Immunization financing

Georgia's immunization costing and financing situation

Macroeconomic and health system context

Since the collapse of the Soviet Union, Georgia’s economy has declined. Although some improvements have occurred since then, economic production in 2004 was still only at 41% of its 1990 level. The country has the lowest GDP per capita among the former Soviet Union countries. The country also has been politically unstable for several years due to the civil unrest in two of its autonomous republics.

The health care system has been undergoing reform, including decentralization beginning in 1995, and a change of health care system model. At the end of 2000, the country changed their health care system to one based on primary health care with services that are high quality but cost-effective. However, the health system continues to need strengthening due to issues associated with the de-linking of providers with the local health care managers, decentralized management, weak human and institutional capacity, and a lack of financial incentives for the primary health care staff.

In 2002, per capita expenditures on health were $23.

Immunization programme objectives

According to the WHO and UNICEF estimates, the DTP3 coverage in 2001 was 89%. The national immunization programme objectives are to:

  • improve coverage up to 90% at the national levels and up to at least 80% at all district levels;
  • sustain polio-free activities and accelerated disease control activities for measles and diphtheria;
  • decrease vaccine wastage rates;
  • introduce new vaccines based on epidemiological and cost-benefit analyses; and
  • improve coverage and programme management in conflict-affected areas.

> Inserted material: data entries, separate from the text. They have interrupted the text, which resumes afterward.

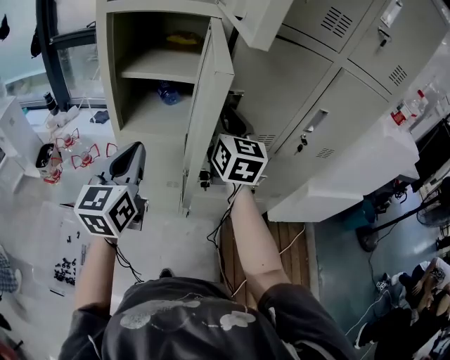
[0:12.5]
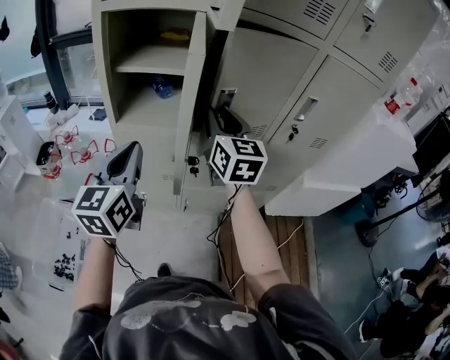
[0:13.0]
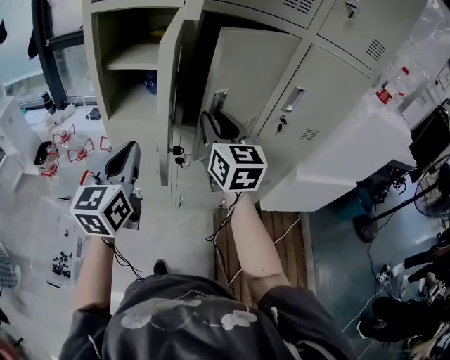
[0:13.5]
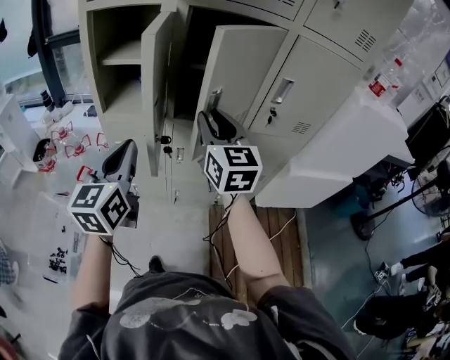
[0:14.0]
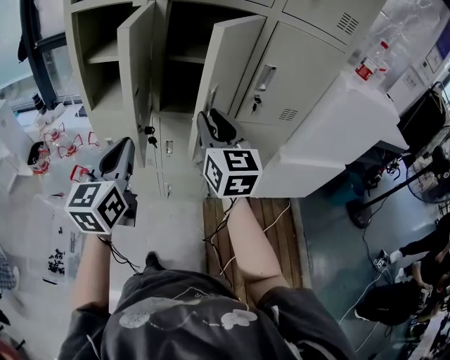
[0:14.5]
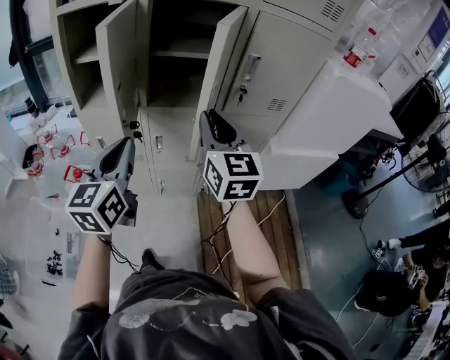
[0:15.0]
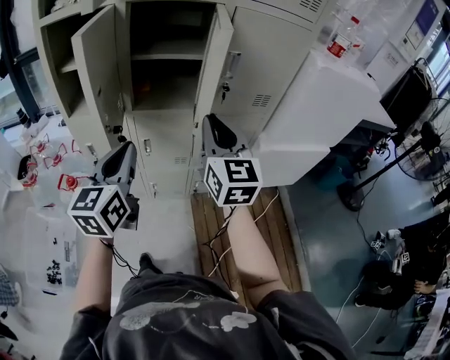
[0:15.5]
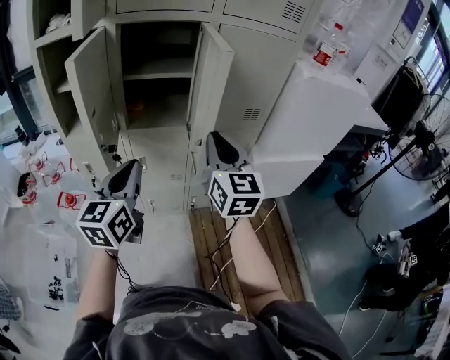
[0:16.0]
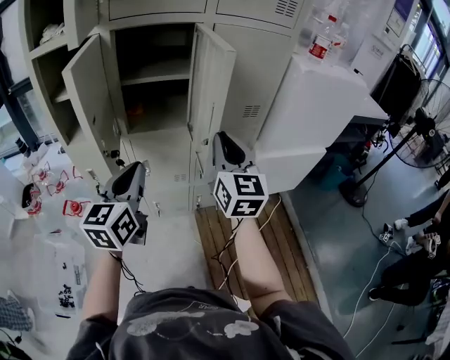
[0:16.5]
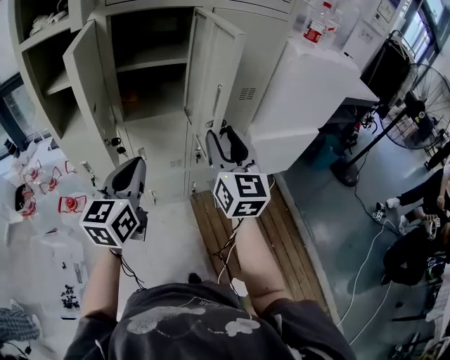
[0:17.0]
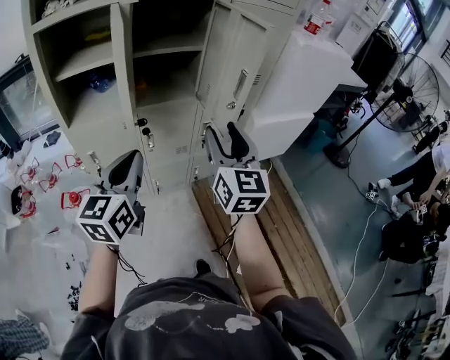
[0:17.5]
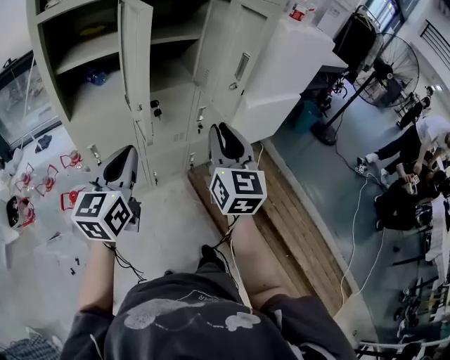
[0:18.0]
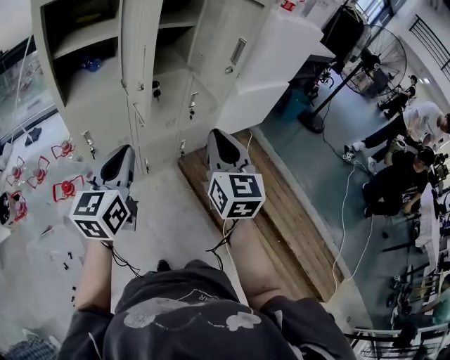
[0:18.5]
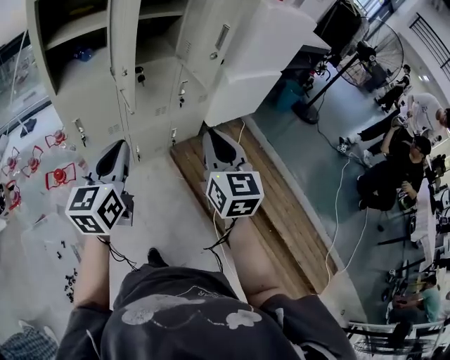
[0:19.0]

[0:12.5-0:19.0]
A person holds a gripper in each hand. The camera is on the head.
0:12.5 to 0:14.5: The left gripper shifts about 15 cm to the right and backward; the right gripper is displaced backward and to the right by about 20 cm.
0:14.5 to 0:17.0: The right gripper travels to the right and backward by about 15 cm; the left gripper shifts approximately 10 cm to the right.
0:17.0 to 0:19.0: The right gripper moves backward, approximately 25 cm, and closes its fingers; the left gripper shifts some 20 cm backward and to the left.

Immunization costs and financing

In 2001, the pre-GAVI Fund year, Georgia spent $0.8 million on programme-specific expenditures for routine immunization services and an additional $0.04 million on supplementary immunization services. The programme-specific spending on routine immunization service equated to about $17.6 per DTP3 vaccinated child or $0.14 per capita. Programme-specific spending on routine immunization only increased slightly by 2% in 2003, the first year of GAVI Fund support. Total expenditures on the NIP in 2003 were $0.8 million.

The share of programme expenditures paid by the national and regional governments increased to 75% in 2003, due to an increase in routine programme expenditures. The government pays mainly for vaccines, salaries, transport, maintenance and overheads, and cold chain equipment while donors pay for other vaccines, other capital costs, social mobilization and training. The main funding partners are the GAVI Fund, UNICEF and USAID.

Routine immunization financing by source - 2003

Future resource requirements, financing and gaps

Resource requirements of the programme are projected to increase as expenditures on vaccines are projected to rise. The average annual resource requirements during 2004-2005 for the NIP are projected to be $0.9 million per year. Over 95% of the funding is classified in the FSP as secure during these years. If funding classified as probable is included as well, 99% of needs are covered.

During the post-GAVI Fund years (2006-2010), the gap is estimated to average $0.26 million a year if secure and probable funding are taken into account ($0.7 million for secure funding only). In other words, 24% of needs are unmet.

Average annual funding gaps (millions of US$)

Financial sustainability strategies

Several strategies have been developed to improve financial sustainability of the NIP. These strategies include:

  • to ensure vaccine prices are similar to UNICEF prices;
  • to obtain advance commitments from traditional donors;
  • to insure that future requirements for immunization are incorporated in the Medium Term Expenditure Framework (MTEF);
  • to improve management capacity among immunization, cold chain, and supply managers;
  • to improve management information systems;
  • to develop incentive system to motivate providers to increase coverage; and
  • to incorporate the needs of the NIP into primary health care reform.